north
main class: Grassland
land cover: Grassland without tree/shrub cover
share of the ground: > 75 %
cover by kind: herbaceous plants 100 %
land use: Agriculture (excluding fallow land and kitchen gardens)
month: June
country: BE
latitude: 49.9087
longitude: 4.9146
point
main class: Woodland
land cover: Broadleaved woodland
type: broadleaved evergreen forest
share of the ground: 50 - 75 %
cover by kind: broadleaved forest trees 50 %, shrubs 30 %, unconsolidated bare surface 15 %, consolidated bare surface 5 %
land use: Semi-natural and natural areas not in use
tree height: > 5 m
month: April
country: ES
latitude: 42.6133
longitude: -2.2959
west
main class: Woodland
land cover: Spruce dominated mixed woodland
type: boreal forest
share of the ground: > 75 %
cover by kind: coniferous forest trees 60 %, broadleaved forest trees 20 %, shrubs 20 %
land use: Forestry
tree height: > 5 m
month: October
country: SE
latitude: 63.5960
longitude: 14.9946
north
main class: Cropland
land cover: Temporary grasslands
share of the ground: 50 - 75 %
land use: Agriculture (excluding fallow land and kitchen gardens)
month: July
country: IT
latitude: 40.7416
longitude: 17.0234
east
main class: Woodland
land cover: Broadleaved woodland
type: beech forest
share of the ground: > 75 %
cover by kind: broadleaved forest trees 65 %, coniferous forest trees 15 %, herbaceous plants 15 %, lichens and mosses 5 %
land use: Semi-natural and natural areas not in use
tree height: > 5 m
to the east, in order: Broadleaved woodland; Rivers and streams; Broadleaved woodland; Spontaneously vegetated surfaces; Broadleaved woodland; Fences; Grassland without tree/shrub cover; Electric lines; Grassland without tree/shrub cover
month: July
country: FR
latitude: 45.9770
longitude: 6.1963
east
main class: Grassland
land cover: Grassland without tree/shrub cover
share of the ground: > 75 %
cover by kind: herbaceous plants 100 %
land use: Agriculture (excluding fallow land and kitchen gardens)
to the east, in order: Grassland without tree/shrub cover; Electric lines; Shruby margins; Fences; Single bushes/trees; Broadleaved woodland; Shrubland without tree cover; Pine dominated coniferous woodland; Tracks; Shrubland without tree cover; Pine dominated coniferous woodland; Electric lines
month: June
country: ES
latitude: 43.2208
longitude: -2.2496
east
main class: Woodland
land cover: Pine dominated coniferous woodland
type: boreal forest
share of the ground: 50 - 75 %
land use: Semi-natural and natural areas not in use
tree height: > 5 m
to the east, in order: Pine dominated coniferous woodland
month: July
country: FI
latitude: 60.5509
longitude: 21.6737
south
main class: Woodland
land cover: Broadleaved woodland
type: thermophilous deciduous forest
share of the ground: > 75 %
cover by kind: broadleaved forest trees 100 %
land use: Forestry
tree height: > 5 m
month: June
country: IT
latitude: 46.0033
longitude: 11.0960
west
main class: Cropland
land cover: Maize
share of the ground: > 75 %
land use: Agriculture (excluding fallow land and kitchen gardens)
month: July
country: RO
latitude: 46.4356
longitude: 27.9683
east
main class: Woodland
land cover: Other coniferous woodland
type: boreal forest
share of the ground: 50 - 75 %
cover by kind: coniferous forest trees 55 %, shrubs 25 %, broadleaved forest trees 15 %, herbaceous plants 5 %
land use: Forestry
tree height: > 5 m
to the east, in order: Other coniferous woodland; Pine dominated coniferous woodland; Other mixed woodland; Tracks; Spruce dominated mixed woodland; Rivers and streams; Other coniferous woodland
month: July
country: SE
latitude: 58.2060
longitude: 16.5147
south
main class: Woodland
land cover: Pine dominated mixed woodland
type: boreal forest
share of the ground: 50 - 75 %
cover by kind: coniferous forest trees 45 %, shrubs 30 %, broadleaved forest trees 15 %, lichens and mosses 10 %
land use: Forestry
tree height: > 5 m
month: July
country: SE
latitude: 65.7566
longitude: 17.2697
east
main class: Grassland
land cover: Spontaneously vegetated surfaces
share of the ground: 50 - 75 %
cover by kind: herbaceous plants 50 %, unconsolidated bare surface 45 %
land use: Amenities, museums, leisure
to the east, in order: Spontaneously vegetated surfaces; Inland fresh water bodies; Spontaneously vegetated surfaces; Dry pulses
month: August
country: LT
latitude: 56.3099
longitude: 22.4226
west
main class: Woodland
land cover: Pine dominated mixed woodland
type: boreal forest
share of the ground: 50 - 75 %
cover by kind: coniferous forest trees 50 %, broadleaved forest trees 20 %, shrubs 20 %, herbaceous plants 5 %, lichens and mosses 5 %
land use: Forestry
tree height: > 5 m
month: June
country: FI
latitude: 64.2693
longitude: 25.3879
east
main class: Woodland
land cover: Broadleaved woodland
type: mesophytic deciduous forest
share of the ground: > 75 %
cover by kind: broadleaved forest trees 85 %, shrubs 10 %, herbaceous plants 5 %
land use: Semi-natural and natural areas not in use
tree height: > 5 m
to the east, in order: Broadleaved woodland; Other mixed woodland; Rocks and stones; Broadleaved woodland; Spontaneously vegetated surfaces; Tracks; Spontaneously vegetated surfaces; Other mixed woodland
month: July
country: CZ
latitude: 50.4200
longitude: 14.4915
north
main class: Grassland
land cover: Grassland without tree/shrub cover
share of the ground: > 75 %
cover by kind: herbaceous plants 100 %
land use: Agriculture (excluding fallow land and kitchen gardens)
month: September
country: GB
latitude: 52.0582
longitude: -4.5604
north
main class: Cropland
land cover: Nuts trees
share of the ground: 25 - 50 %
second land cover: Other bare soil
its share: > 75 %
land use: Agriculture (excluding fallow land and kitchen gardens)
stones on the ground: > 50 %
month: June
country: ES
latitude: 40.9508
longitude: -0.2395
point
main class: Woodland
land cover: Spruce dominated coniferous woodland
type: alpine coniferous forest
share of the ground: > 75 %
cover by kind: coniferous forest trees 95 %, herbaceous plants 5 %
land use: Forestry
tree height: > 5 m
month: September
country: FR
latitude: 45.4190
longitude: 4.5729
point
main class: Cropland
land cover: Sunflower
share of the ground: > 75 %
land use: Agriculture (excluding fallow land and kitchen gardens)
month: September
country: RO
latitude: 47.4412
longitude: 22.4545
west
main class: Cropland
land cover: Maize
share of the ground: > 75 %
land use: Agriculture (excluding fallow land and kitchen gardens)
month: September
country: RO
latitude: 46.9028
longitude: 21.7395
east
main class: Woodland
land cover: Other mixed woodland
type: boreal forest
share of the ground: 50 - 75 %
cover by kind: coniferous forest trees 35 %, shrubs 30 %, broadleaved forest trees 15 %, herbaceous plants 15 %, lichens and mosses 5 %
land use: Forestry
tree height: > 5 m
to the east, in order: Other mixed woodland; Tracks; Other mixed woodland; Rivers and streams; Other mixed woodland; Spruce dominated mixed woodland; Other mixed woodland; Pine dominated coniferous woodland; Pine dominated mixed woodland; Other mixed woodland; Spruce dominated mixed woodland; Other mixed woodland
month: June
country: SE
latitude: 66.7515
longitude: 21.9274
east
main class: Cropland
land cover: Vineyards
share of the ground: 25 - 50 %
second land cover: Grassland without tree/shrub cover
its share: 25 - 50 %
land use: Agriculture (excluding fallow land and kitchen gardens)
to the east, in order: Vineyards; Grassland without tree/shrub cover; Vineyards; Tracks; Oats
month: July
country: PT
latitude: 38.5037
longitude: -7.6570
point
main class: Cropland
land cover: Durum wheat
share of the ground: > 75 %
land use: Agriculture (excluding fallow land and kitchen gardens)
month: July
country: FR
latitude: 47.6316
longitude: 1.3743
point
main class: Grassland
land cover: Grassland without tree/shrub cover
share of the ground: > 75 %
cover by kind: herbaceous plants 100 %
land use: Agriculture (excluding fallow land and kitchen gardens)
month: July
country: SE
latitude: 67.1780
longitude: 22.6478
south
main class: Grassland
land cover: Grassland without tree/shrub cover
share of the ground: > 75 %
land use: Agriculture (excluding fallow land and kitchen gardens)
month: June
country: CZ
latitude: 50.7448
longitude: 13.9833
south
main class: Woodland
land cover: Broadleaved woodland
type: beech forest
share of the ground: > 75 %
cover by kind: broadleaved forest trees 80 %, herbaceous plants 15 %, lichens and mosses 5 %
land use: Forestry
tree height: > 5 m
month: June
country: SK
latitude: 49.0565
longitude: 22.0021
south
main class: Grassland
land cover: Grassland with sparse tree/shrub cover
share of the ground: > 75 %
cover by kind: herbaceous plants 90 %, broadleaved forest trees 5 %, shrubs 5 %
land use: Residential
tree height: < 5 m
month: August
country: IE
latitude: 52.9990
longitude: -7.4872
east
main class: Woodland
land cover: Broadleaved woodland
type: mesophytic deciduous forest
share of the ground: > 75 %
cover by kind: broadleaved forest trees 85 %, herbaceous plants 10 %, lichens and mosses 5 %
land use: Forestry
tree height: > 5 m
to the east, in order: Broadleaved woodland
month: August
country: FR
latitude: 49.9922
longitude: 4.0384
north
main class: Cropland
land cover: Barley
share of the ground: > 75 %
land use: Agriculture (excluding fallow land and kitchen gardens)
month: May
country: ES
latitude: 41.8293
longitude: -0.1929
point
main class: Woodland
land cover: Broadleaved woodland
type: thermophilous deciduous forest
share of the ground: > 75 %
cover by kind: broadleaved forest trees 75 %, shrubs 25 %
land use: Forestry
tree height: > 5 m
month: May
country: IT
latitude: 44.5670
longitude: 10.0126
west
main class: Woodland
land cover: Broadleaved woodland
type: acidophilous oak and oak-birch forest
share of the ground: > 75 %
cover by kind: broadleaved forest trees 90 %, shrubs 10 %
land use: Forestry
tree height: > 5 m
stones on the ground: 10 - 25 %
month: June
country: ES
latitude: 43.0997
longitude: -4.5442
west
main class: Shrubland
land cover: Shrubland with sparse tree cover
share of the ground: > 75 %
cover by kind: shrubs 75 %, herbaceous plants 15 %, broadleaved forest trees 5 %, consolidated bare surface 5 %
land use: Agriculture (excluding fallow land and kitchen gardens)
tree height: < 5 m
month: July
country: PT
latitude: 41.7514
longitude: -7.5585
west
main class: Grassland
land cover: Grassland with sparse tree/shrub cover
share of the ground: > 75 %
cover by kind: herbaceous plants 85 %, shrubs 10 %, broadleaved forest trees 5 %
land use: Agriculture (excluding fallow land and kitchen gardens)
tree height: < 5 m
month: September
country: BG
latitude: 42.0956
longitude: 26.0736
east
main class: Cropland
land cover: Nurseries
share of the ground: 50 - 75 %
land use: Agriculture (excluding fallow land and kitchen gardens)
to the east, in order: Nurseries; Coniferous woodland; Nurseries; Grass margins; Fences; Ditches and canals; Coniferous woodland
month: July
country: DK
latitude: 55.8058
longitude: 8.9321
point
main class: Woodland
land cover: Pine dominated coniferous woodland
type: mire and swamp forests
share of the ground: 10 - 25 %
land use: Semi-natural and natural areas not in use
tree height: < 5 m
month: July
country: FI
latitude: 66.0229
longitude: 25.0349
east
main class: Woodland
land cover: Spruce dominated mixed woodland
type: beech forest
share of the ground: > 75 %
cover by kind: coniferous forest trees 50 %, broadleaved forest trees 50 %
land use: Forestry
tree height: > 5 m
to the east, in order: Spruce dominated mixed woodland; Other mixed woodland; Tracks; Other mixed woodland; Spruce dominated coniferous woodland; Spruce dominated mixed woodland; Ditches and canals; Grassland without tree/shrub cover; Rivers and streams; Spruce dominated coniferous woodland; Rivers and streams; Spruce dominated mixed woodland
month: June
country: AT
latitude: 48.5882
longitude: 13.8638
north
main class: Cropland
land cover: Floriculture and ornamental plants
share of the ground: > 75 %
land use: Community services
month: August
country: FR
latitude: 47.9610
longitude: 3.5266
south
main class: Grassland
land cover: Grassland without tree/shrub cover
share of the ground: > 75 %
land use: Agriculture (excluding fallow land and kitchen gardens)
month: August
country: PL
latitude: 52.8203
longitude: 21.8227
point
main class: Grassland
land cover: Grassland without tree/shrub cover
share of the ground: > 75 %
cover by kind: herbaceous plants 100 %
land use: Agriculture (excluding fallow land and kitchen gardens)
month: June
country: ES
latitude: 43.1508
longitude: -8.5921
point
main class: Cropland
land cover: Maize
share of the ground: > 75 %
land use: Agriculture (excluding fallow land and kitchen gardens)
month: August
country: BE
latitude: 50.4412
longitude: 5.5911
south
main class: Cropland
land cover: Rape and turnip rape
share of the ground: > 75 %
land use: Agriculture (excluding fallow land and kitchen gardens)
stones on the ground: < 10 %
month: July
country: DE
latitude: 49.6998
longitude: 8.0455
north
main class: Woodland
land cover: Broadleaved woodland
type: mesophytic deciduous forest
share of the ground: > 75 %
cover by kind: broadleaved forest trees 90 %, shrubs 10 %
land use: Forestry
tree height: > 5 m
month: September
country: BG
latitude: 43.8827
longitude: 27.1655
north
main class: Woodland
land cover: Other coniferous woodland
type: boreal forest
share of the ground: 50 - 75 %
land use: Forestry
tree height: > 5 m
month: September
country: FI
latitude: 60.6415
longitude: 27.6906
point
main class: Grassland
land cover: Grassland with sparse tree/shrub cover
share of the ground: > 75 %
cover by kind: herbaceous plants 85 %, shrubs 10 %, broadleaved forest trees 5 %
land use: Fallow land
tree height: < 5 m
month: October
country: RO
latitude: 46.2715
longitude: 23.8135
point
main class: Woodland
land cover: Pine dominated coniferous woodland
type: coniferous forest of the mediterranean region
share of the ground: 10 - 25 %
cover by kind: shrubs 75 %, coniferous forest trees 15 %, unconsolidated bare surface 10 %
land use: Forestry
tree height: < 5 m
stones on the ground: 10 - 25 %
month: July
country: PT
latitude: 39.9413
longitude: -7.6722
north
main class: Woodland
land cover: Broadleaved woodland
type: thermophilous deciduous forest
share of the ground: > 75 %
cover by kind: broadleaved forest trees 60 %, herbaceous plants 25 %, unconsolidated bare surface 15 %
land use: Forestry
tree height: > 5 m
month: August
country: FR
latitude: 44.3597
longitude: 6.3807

◇ ◇ ◇ ◇ ◇ ◇ ◇

**HOW TO COMPLETE THIS TASK**
Copy out every line above where "Shrubland" is present.

**EXERCISE OUTPUT**
to the east, in order: Grassland without tree/shrub cover; Electric lines; Shruby margins; Fences; Single bushes/trees; Broadleaved woodland; Shrubland without tree cover; Pine dominated coniferous woodland; Tracks; Shrubland without tree cover; Pine dominated coniferous woodland; Electric lines
main class: Shrubland
land cover: Shrubland with sparse tree cover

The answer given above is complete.